In a recent poll conducted by AccountantsDaily, 80.4 per cent of 404 respondents answered yes when asked: As an accountant are you experiencing loss of productivity due to the use of technology by the ATO?
Discussing the results, the IPA’s general manager, technical policy, Tony Greco said this is a real problem for the industry, highlighting the ATO portal as an area of real concern.
“The transformation of the tax office into being able to do everything through a digital platform is good, we don’t want to say that that’s a bad thing, it’s just when it’s done at the expense of the practitioners, then it’s not so good,” Mr Greco said.
“Everyone has acknowledged the ATO portal is a system which was built a long time ago and it’s just not up to industry standards; it’s slow, unresponsive, [and] difficult to use.”

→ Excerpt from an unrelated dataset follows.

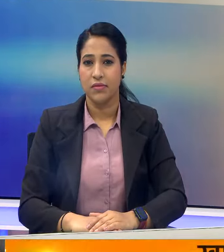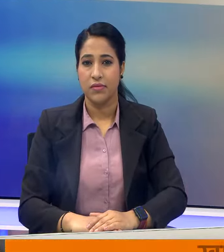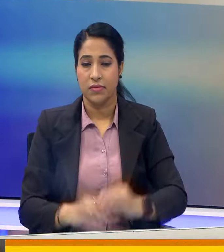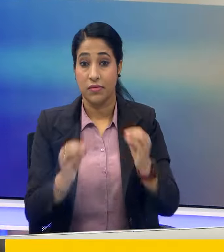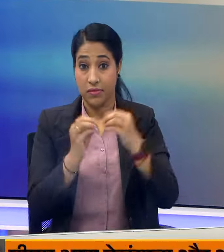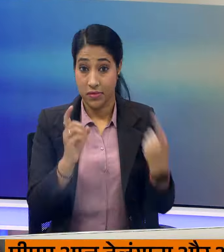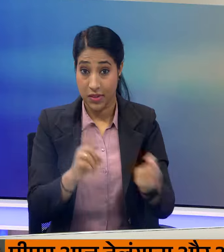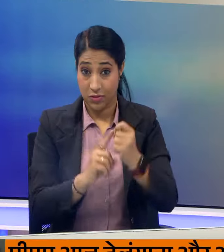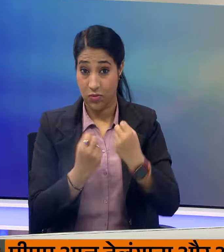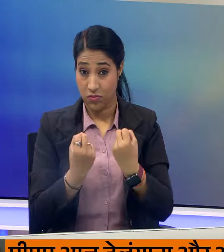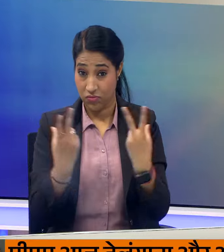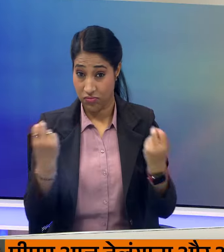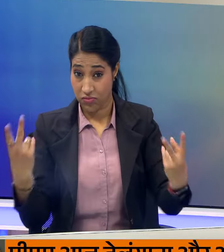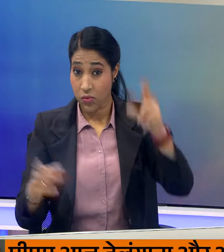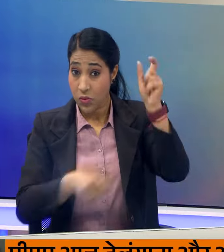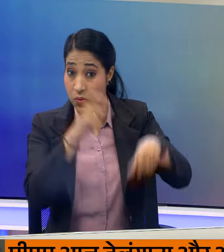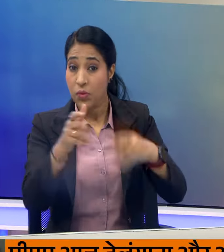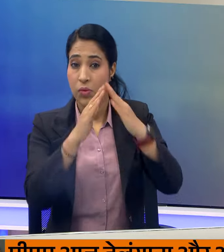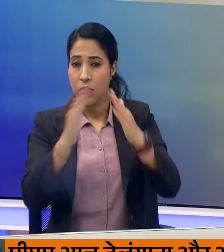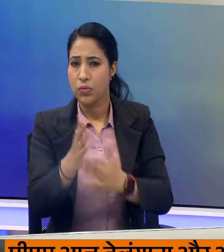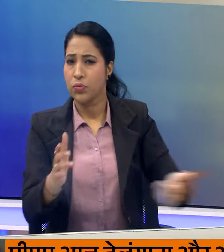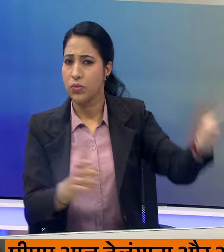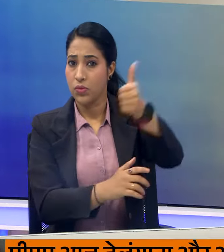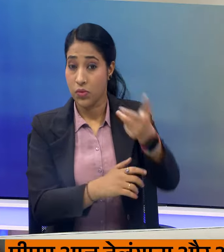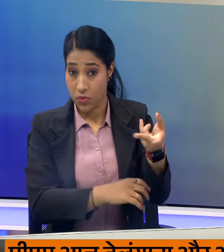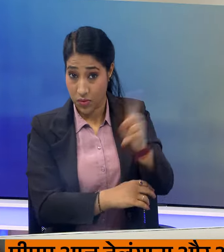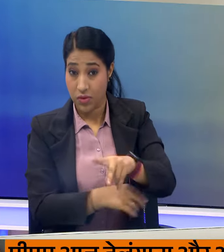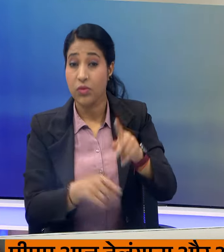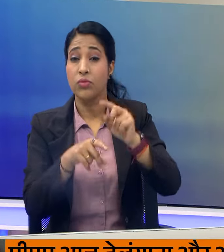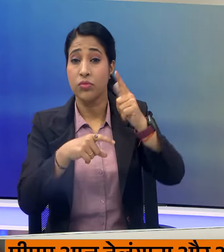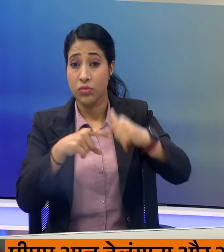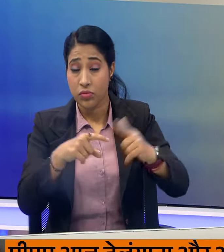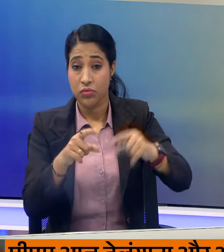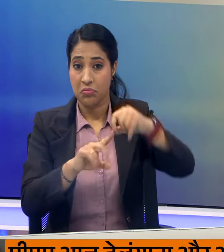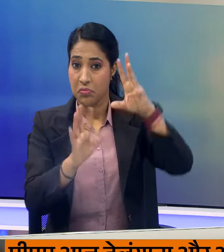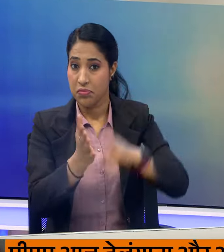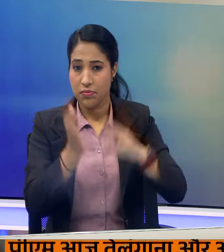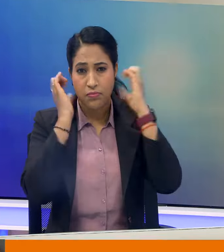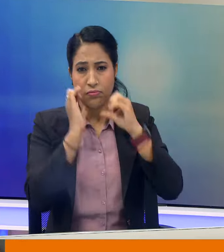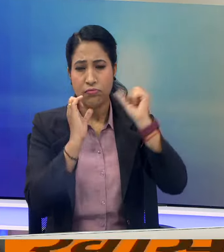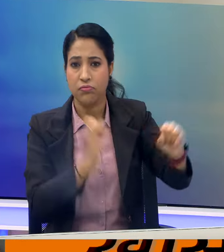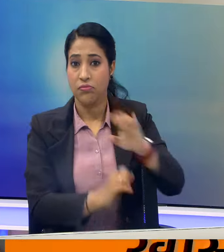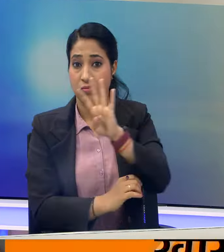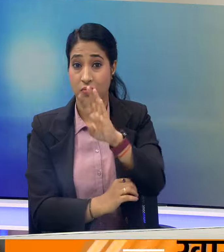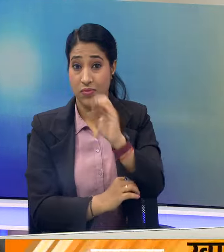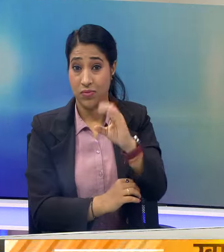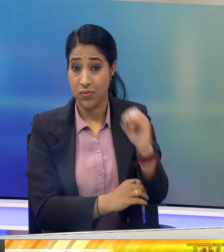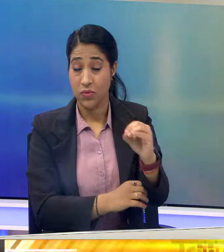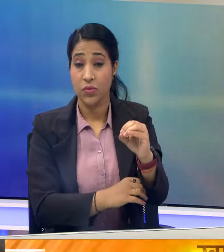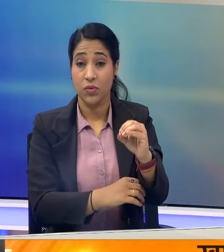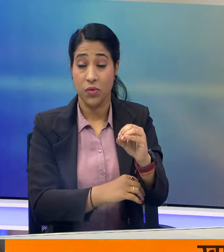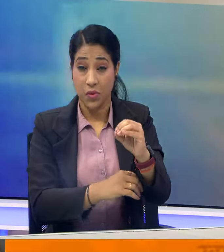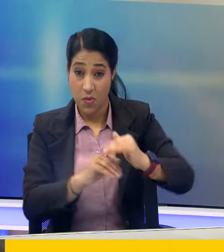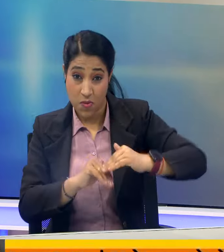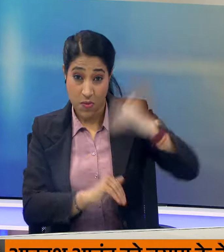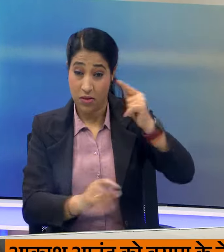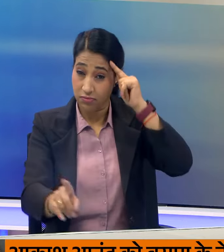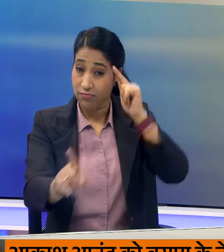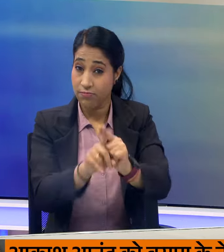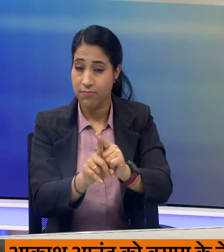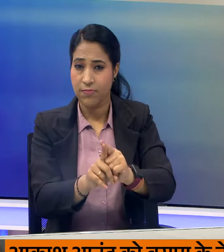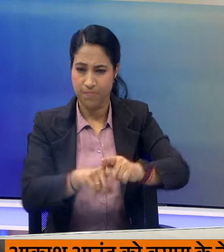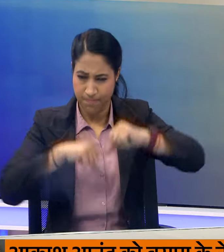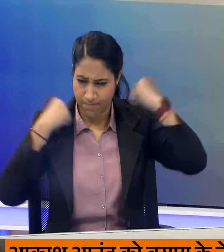भाजबा की स्टार प्रचारक अमिर्शा इस बार के आम चुनाव में प्रधान मंत्री नरेंद्र मोदी के चार सो पार के लक्ष की पूर्टी के लिए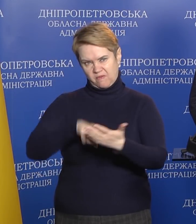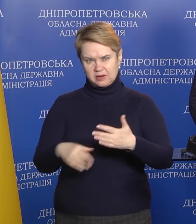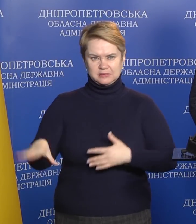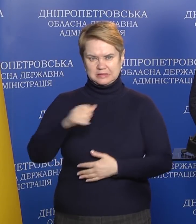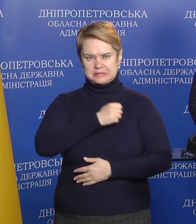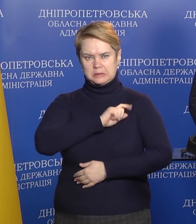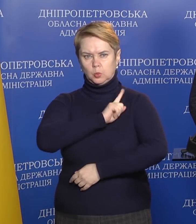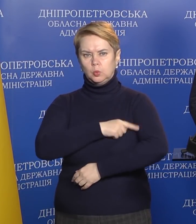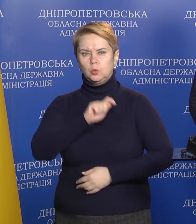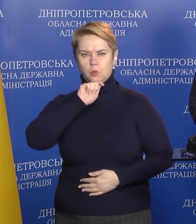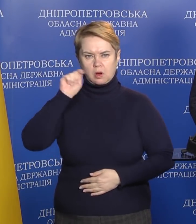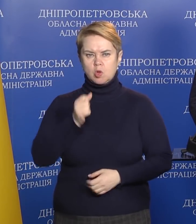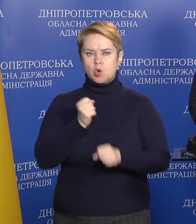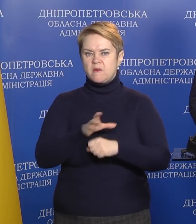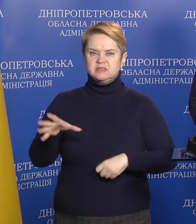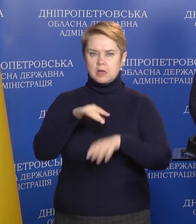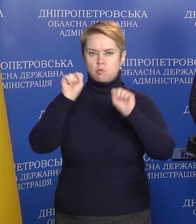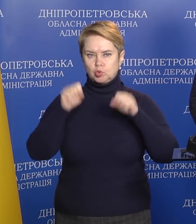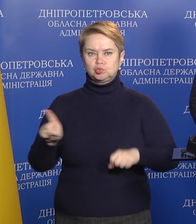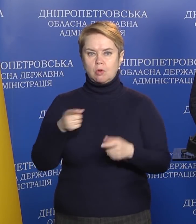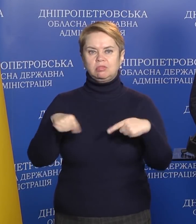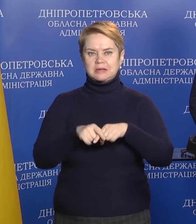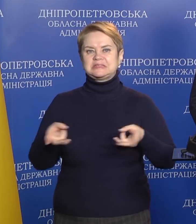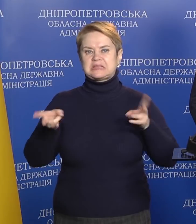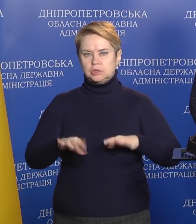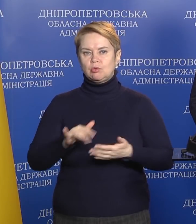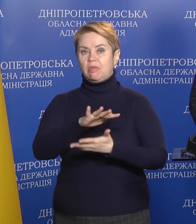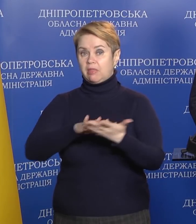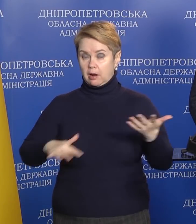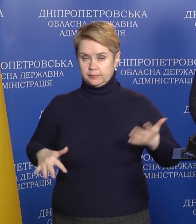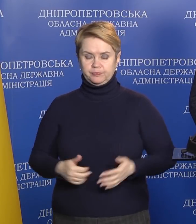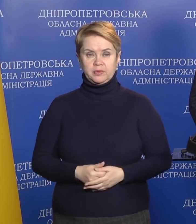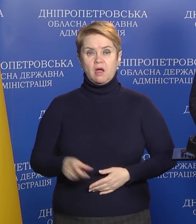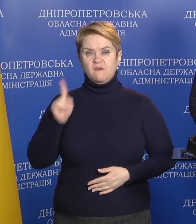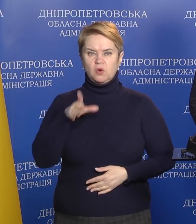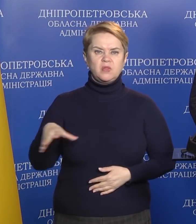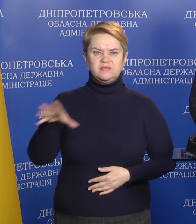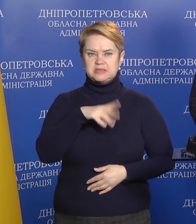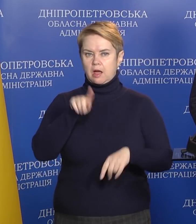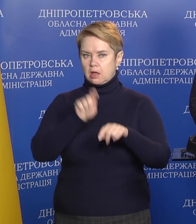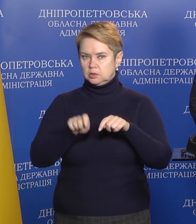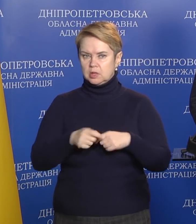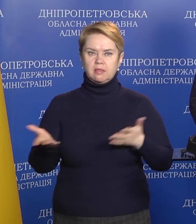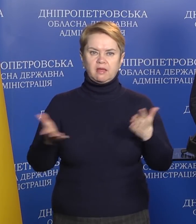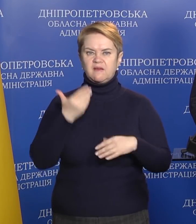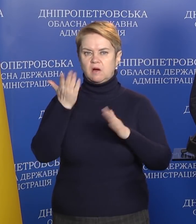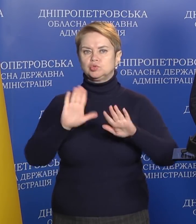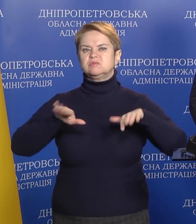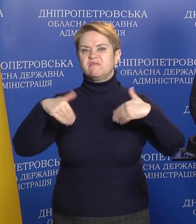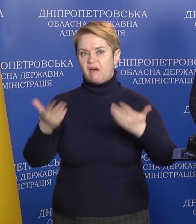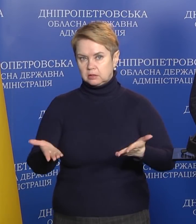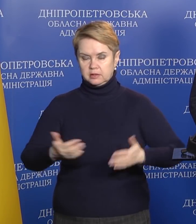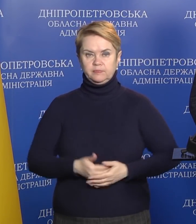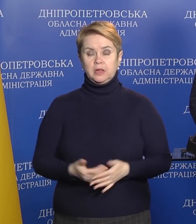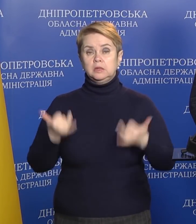всі Збройні сили України роблять це можливо, щоб так залишалось і надалі. Вони все аналізують, будь-які ваші звернення.

Mr Greco said the ATO’s attempt to increase its efficiency through digitalisation is stretching the portal beyond its capability “and that’s the problem”.
“The ATO portal itself can’t cope with what it has been asked to do.”
Mr Greco said the ATO should be increasing their digital interactions but without the appropriate IT to support it, “they shouldn’t be offloading efficiencies at someone else’s cost”.
“This has been flagged with the commissioner and he understands the sensitivity now so what he has tried to do is tell his people that when [they] roll-out anything now, [they should] asses its impact on a practitioner's work practices before [they] do anything because [the ATO doesn't] want to overburden them with problems more than [they] need to.”
According to Mr Greco, the IPA is pleased the ATO has committed to minimising the impacts of their digital push on accountants.
“We are happy that they are going to minimise the impacts of them becoming more efficient and we have that commitment that they'll take into account, and go and talk to small accountants and basically asses what impacts any future roll-out of technology will have on their work practices; and try to minimise its impact so it’s not coming at someone else’s expense.”